LLMs are stateless APIs — each call is completely independent. The model has no memory of previous exchanges. To create a conversational experience, you must explicitly pass the entire conversation history in every call.
Pattern: Maintain a chat_history list. After each turn, append the user's HumanMessage and the AI's AIMessage. On the next call, prepend history to the messages list.
chat_history = []\n\ndef chat(user_input):\n messages = [SystemMessage('You are a helpful assistant.')] + chat_history + [HumanMessage(user_input)]\n response = model.invoke(messages)\n chat_history.append(HumanMessage(user_input))\n chat_history.append(AIMessage(response.content))\n return response.content
This is why LLM conversation UIs like ChatGPT send the full history on every request — they're building this list and passing it each time. The context window limit is the practical ceiling: long enough conversations hit the token limit and older messages must be truncated or summarised.
Interview-Ready Deepening
Source-backed reinforcement: these points add detail beyond short-duration UI hints and emphasize production tradeoffs.
- How LLMs simulate memory — passing the full conversation list each call.
- LLMs are stateless APIs — each call is completely independent.
- On the next call, prepend history to the messages list.
- The context window limit is the practical ceiling: long enough conversations hit the token limit and older messages must be truncated or summarised.
- More expressive models improve fit but can reduce interpretability and raise overfitting risk.
- The model has no memory of previous exchanges.

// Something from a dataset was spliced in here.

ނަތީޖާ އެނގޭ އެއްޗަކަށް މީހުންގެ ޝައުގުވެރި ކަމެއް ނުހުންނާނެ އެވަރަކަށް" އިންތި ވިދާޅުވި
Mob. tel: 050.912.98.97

- After each turn, append the user's HumanMessage and the AI's AIMessage .
- Higher optimization speed can reduce training time but may increase instability if learning dynamics are not monitored.
Tradeoffs You Should Be Able to Explain
- More expressive models improve fit but can reduce interpretability and raise overfitting risk.

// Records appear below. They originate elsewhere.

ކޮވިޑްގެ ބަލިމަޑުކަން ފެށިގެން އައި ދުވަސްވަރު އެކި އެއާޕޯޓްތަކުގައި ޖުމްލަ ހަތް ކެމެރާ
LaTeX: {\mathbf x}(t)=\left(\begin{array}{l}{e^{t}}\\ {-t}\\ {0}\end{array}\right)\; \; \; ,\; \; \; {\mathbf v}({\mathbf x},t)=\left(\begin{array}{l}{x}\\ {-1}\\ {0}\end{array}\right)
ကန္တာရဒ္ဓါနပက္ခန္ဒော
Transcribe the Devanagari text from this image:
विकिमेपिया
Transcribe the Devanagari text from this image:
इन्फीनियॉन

- Higher optimization speed can reduce training time but may increase instability if learning dynamics are not monitored.
- Feature-rich pipelines improve performance ceilings but increase maintenance and monitoring complexity.
First-time learner note: Build deterministic baseline chains first (prompt -> model -> parser), then add retrieval, memory, or tools only when the baseline is stable.
Production note: Keep contracts explicit at each boundary: input variables, output schema, retries, and logs. This is what keeps orchestration reliable at scale.
What actually creates conversational memory: the model does not keep a hidden chat session between API calls. The application reconstructs continuity by sending a structured list of SystemMessage, HumanMessage, and AIMessage objects every time. The system message sets the durable behavioral frame, the human message carries the new request, and earlier AI and human turns are replayed to preserve context. That is why role labels matter. If a prior assistant answer is accidentally replayed as a user message, the model is being given the wrong conversation history.
Architecture reading: system instruction -> prior turns -> new user turn -> model invocation -> assistant reply -> append new turn pair -> next request. This is a state loop implemented by the application layer, not the model provider. Once you understand that loop, products like terminal chats, customer-support bots, and multi-step copilots become easier to reason about because they all differ mainly in how they store, trim, and validate the message list.
Failure modes and production design: chat history grows linearly with conversation length, so every serious system eventually needs truncation, summarization, or retrieval-backed memory. Duplicate appends create repeated context; missing appends make the assistant appear forgetful; missing system prompts make behavior drift. A practical design rule is to treat message construction as a first-class piece of backend logic with tests around role ordering, session isolation, and context-window budgets.